Investment Property England, Scotland, Northern Ireland & Wales - Investors' Guide

Property Investment Guide UK

England, Scotland, Wales and nowadays Northern Ireland have been popular countries for investors for many decades given the history of being relatively safe and secure environs. The pound sterling is one of the principle currencies in the world, it is one of the most politically stable regions in the world and tax legislation is established.

The banking sector in the United Kingdom is one of the most recognised in the financial world with a wide choice of leverage and mortgages readily available for qualified borrowers.

A recent cut in the percentage payable of Capital Gains Tax - CGT - from 40% down to 18% on second homes and rental/ investment properties announced by the Chancellor Alistair Darling is an extremely positive move which should spur on the investment in properties in England and Wales.

With many first time buyers still struggling to get onto the property ladder in England and Wales even though prices have eased off a little in recent months, there is an expectation that many would be first time buyers may hold off a little longer and look to rented accommodation in the short term. With the banking world taking one hit after another and the sub prime 'situation' continuing it could be a while before many of these first time buyers are in a position to make their first investment.

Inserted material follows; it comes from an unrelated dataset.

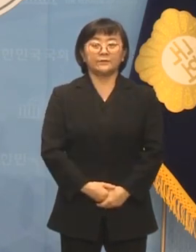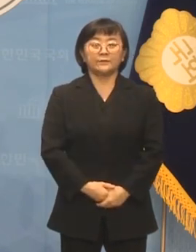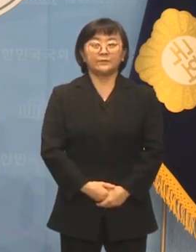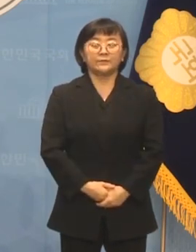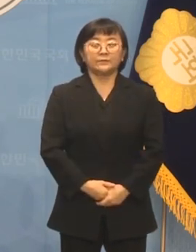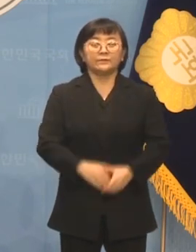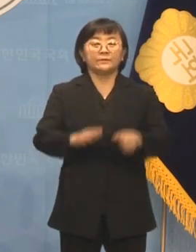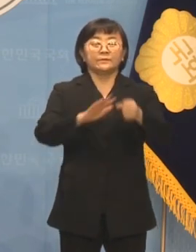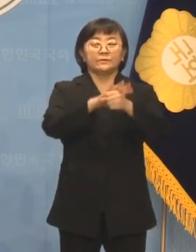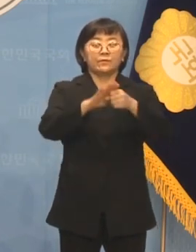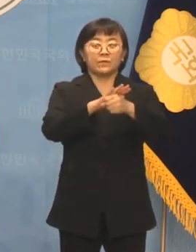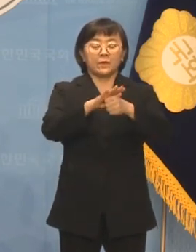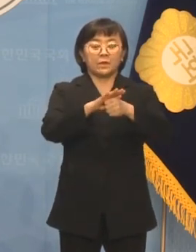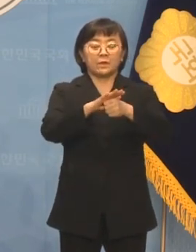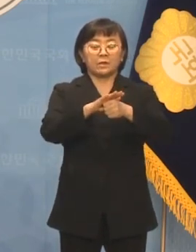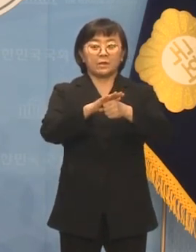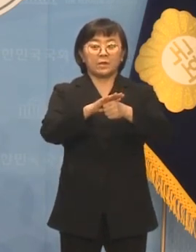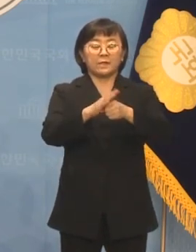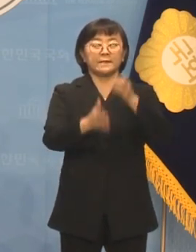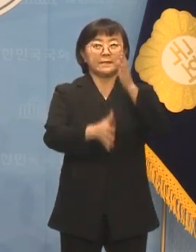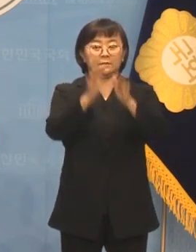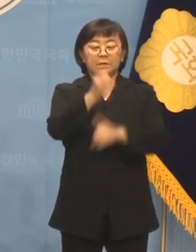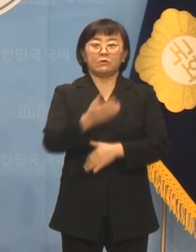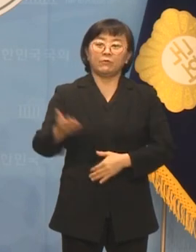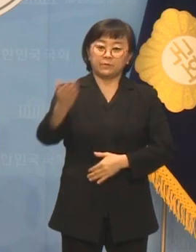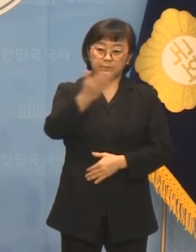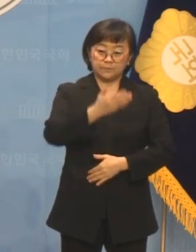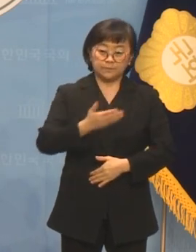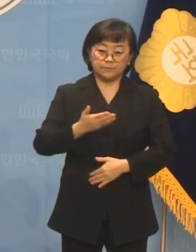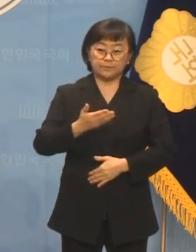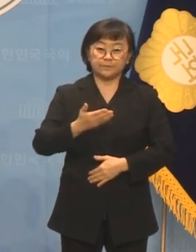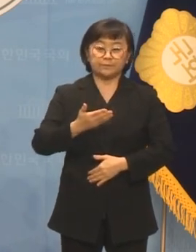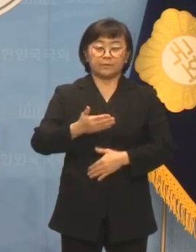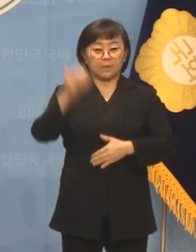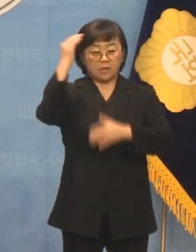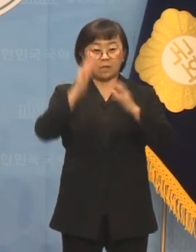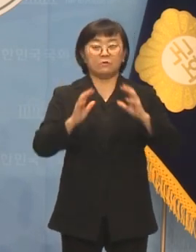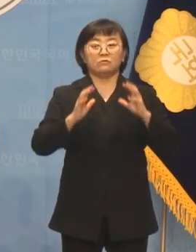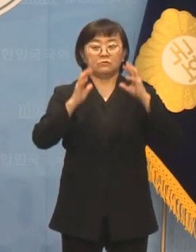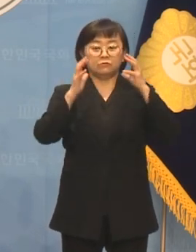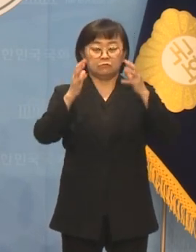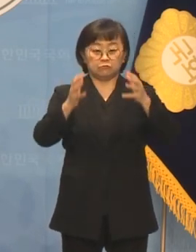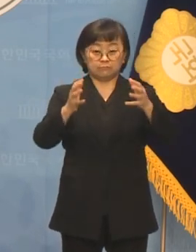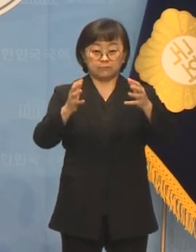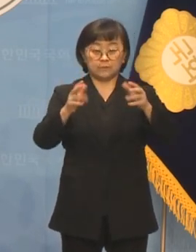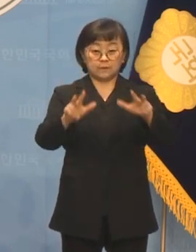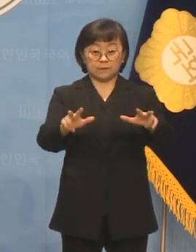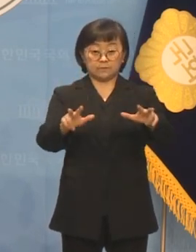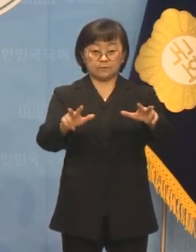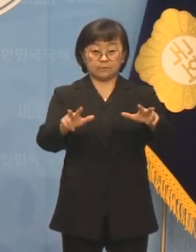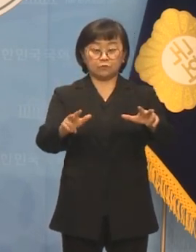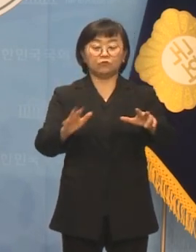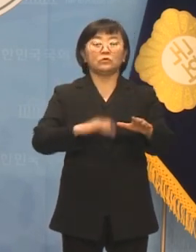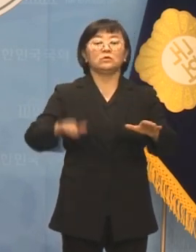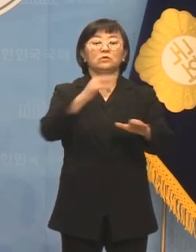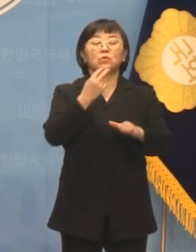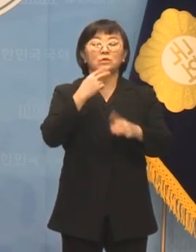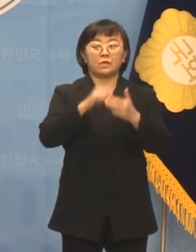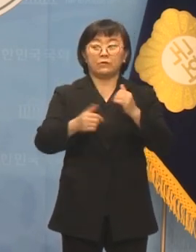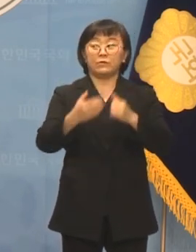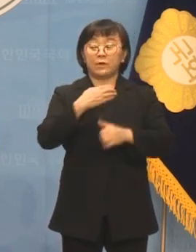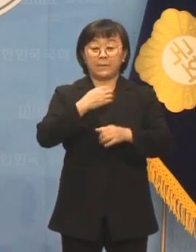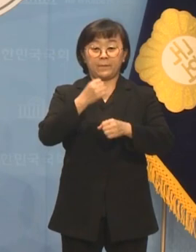사랑하는 동료 시민 여러분 대한민국은 전례 없이 우리 존재를 위협하는

The current higher deposit requirements from many lending institutions should create opportunities for more established investors and those that have stronger finances that can afford to pay 15-30% deposits. Those investing in rental properties will be able to take advantage of numerous offers from developers which can include guaranteed rental schemes, a growing demand for quality rental properties and in a couple of years when exiting the market the lower CGT rates.

Foreign Investment in the UK

It may be surprising to some, but approximately half of all properties sold in central London last year was to foreign nationals. Market confidence in England, Scotland, Wales and Northern Ireland is very positive especially by foreign investors who view the market to be a stable place to invest. Growth may not be huge but coupled with steady rental revenues, it is fairly reliable and those investors who are medium to long term investment specialists will be aware that they will see larger capital growth in the near future.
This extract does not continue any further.